(TASK STATEMENT): Pick out each line in these entries that contains the string "Atelectasis".

****

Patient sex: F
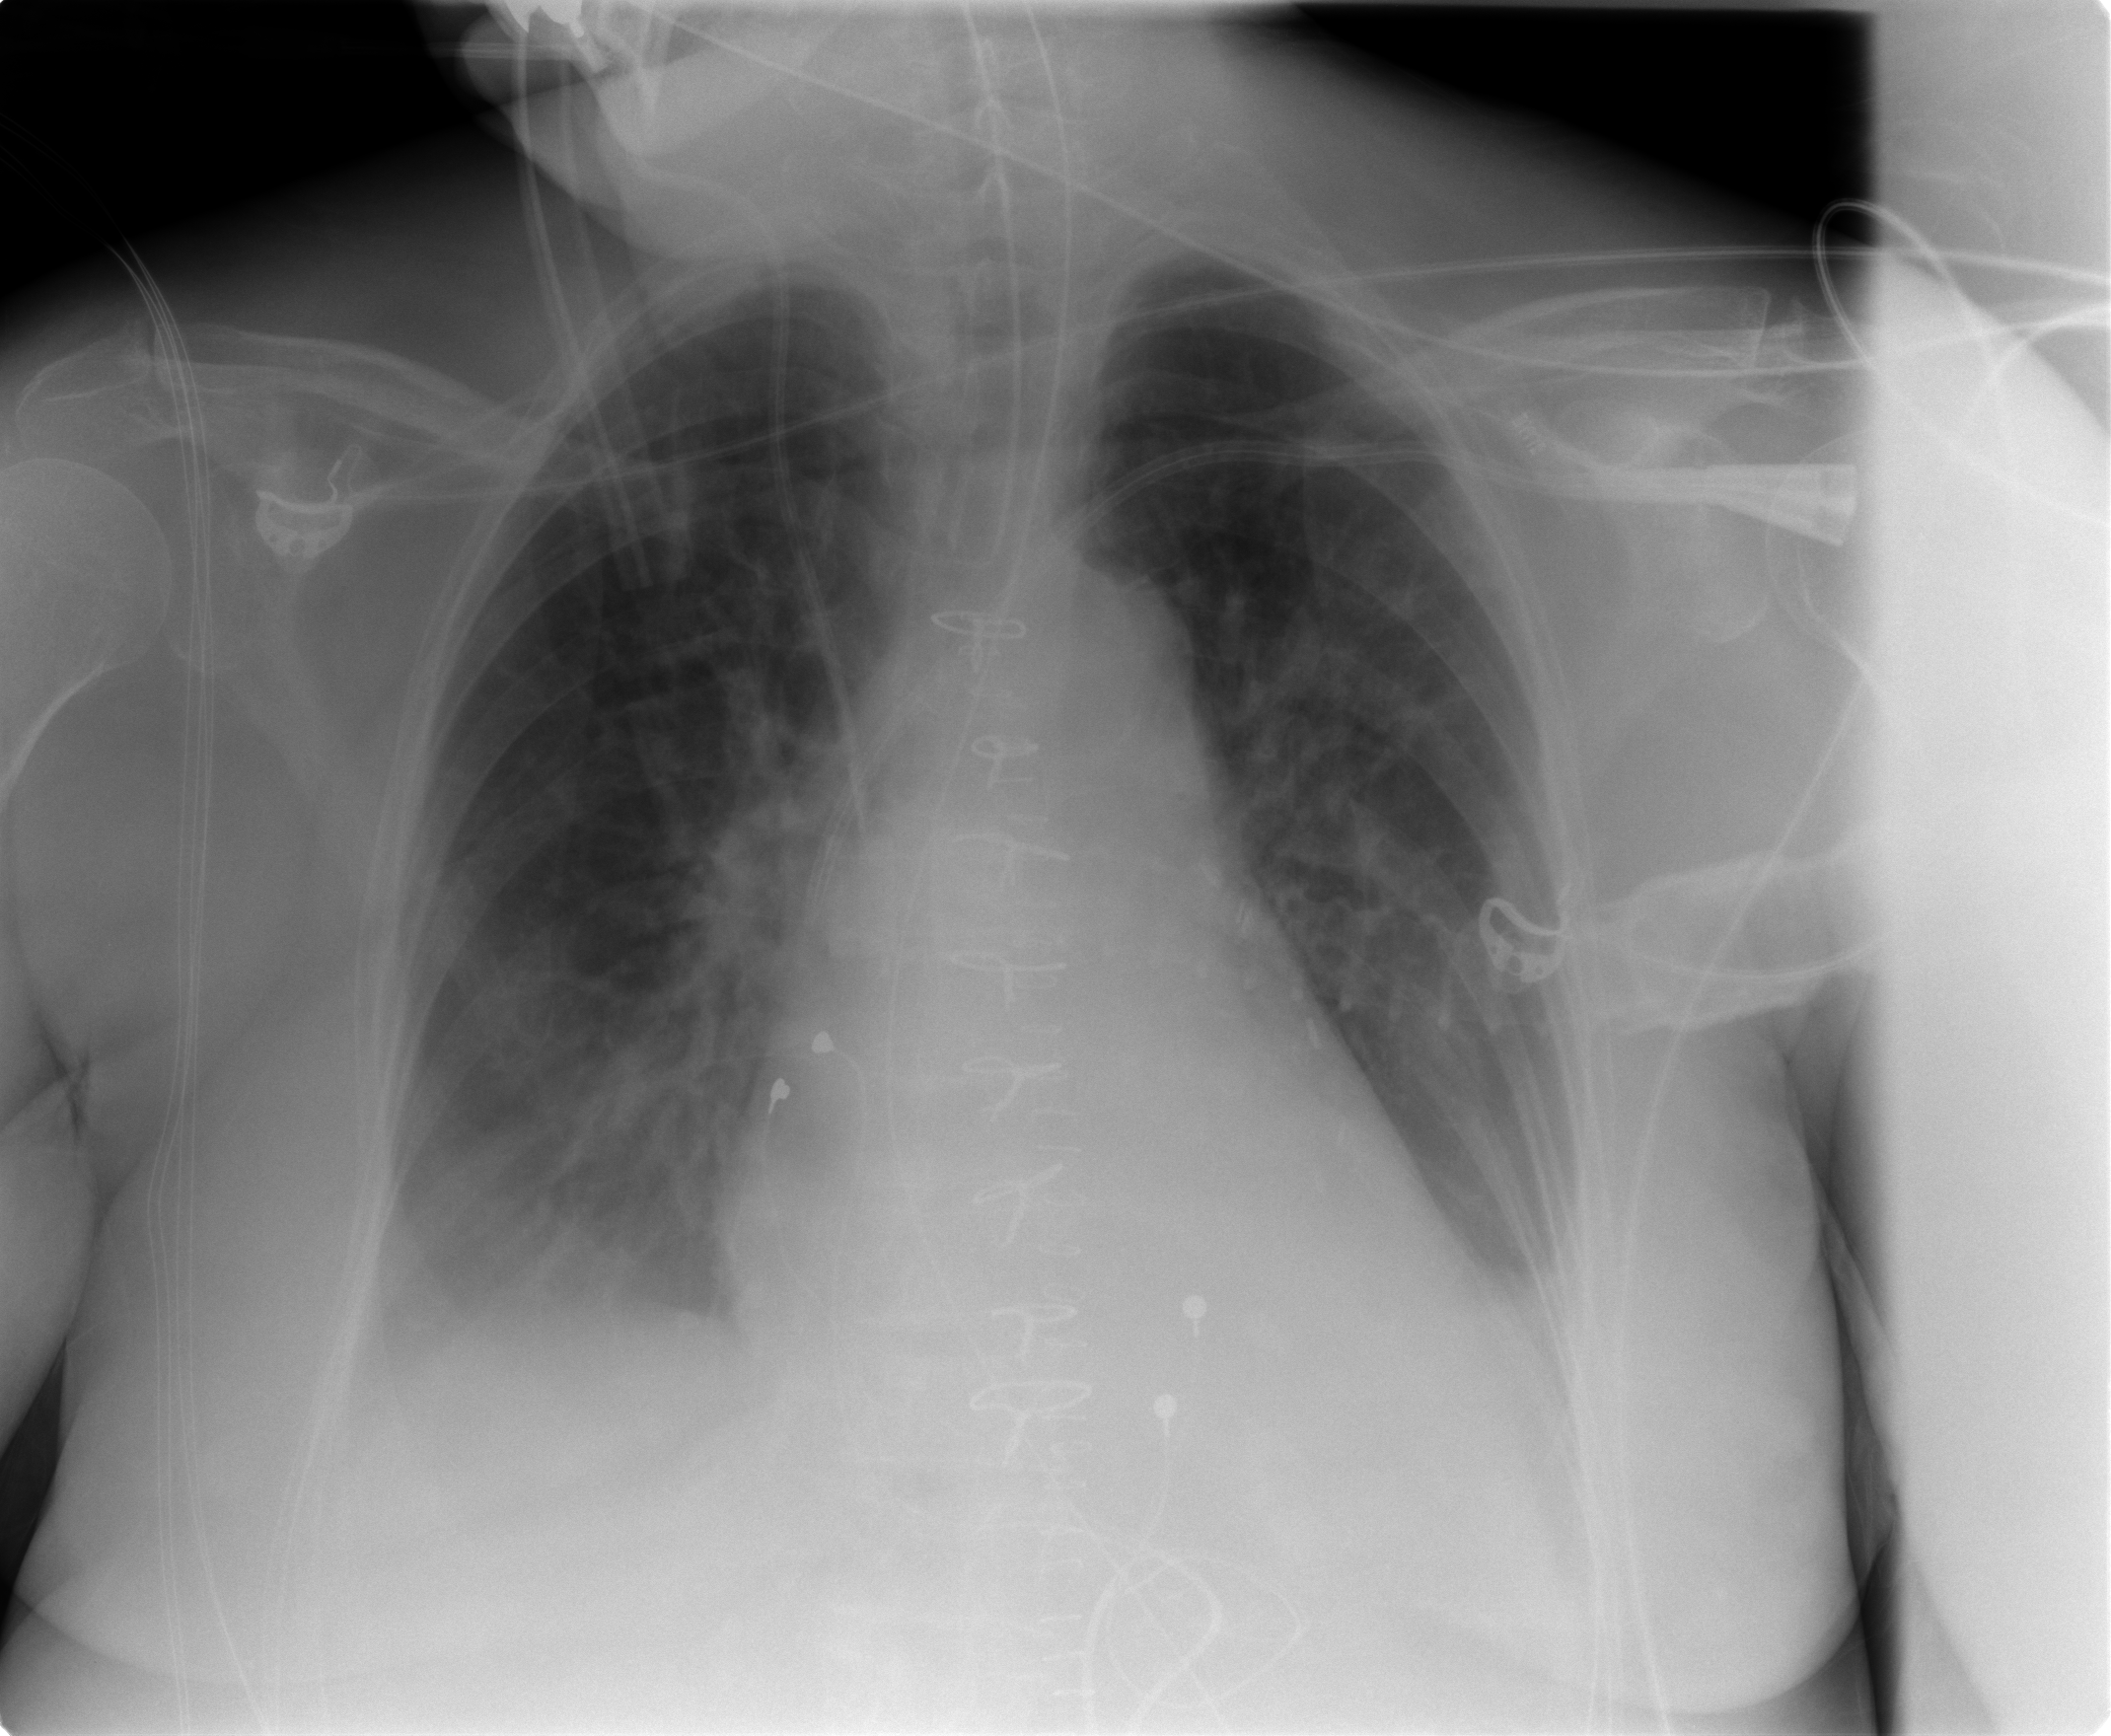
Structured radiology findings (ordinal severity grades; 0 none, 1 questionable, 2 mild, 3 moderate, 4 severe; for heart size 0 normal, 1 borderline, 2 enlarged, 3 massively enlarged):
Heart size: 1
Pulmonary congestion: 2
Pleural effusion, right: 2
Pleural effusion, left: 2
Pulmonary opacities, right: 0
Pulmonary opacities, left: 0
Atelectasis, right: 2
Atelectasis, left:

****

(SOLUTION BELOW):
Atelectasis, right: 2
Atelectasis, left:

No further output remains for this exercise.